Am Ende muss aber noch immer die Mannschaft für die "Geschmacksexplosion" sorgen - und das gelingt bis hierhin, auch wenn es zuletzt zwei Remis in vier Ligaspielen gegeben hat und so das ebenfalls bärenstarke Milan punktetechnisch gleichgezogen ist (jeweils 32 Zähler).

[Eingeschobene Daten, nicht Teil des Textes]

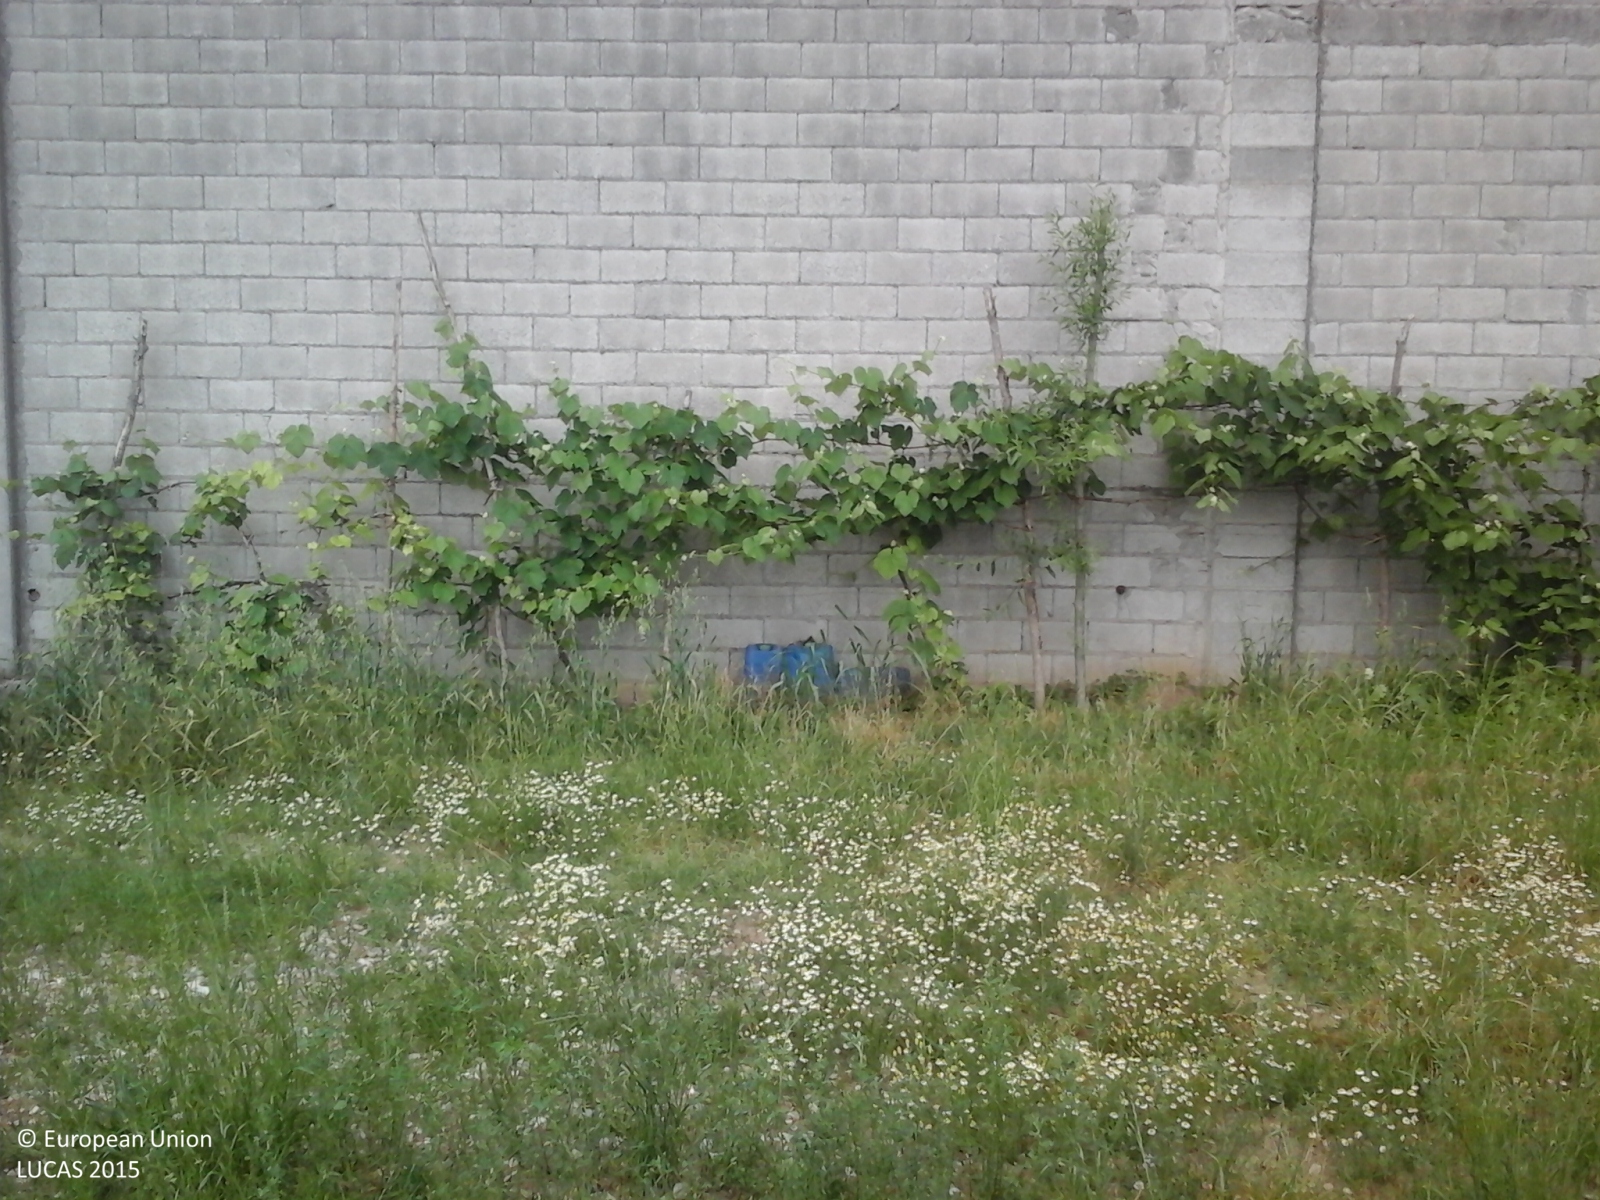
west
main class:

André-Franck Zambo Anguissa

Einer der Schlüssel bei Napoli: Neuzugang und Mittelfeldmotor André-Franck Zambo Anguissa. imago images/sportphoto24

Der genaue Blick zeigt, dass hier mehrere Faktoren greifen - zuallererst ein starkes afrikanisches Trio: Der Nigerianer und frühere Wolfsburger Victor Osimhen (22, 2020 für über 60 Millionen als Rekordeinkauf von Lille OSC gekommen) zündet im zweiten Jahr verletzungsfrei erst so richtig. Mit seiner Robustheit gelangen ihm nicht nur Tore (fünf), er macht auch Bälle fest und lässt den sonst von der Größe her eher sehr kleinen SSC-Angriff (Insigne, Dries Mertens, Matteo Politano) mit seinen 1,85 Metern deutlich anwachsen.

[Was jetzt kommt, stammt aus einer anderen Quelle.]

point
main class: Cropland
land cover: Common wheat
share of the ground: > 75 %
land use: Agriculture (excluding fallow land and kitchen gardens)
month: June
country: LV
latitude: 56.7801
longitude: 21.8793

Defensiv hält der senegalesische Abwehrchef Kalidou Koulibaly, der seit Jahren mit einem Wechsel in Verbindung gebracht wird und doch wieder geblieben ist, den Laden zusammen. André-Franck Zambo Anguissa, der von Premier-League-Absteiger Fulham gekommen ist, ist der Dritte im afrikanischen Bunde - und erweist sich in seinen bisherigen Matches als makelloser Lückenschließer im Mittelfeld. Der lauf-, zweikampfstarke und extrem passsichere Kameruner macht das sichtbar, was Spalletti geschafft hat: die Teamteile zu verbinden. Vorn können sich Fabian Ruiz, Insigne & Co. austoben, defensiv steht die Wand.

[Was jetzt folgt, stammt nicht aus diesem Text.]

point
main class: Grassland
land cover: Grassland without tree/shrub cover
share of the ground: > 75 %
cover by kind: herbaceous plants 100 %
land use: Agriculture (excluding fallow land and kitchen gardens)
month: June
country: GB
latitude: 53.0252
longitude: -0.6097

Ich habe in Rom trainiert, der Stadt des Papstes, in St. Petersburg, der Stadt der Zaren, in Mailand, der Modestadt. Nun trainiere ich das Team von Maradona - in einer Stadt, in der der Fußball und Wunder dasselbe sind.

Luciano Spalletti

Darüber hinaus zeigt sich die Stärke der Partenopei in dieser Saison eben auch in der Breite des Kaders. Gestandene Abwehrkräfte wie Juan Jesus oder Kostas Manolas (jeweils ehemals Roma) sind nicht Stamm. Im Mittelfeld muss der ehemalige Leipziger Diego Demme auf Einsatzchancen hoffen, während vorn Adam Ounas, Hirving Lozano, Andrea Petagna und sogar Mertens, seines Zeichens mit 136 Treffern erfolgreichster Torschütze der Napoli-Geschichte vor Hamsik (121) und Legende Maradona (115), reingeworfen werden können.

Was zählt im Fußball?

Alles in allem ist in Neapel also einiges angerührt, um den dritten Scudetto endlich heimzuholen. Hinzu kommt noch der Fakt, dass das altehrwürdige San Paolo (das De Laurentiis schon mal als Toilette beschimpft hat), inzwischen in Anlehnung an die SSC-Ikone Diego Armando Maradona Stadion heißt und nach langer Corona-Stille wieder mit den heißblütigen Fans gefüllt ist. So wird wieder der bekannte Hexenkessel draus.

Das könnte ein weiterer Schlüssel für die Meisterschaft sein, wie Coach Spalletti erst kürzlich bei DAZN gesagt hat: "Was zählt im Fußball sind gute Spieler, ein gut organisierter Klub und eine Fanbasis wie unsere."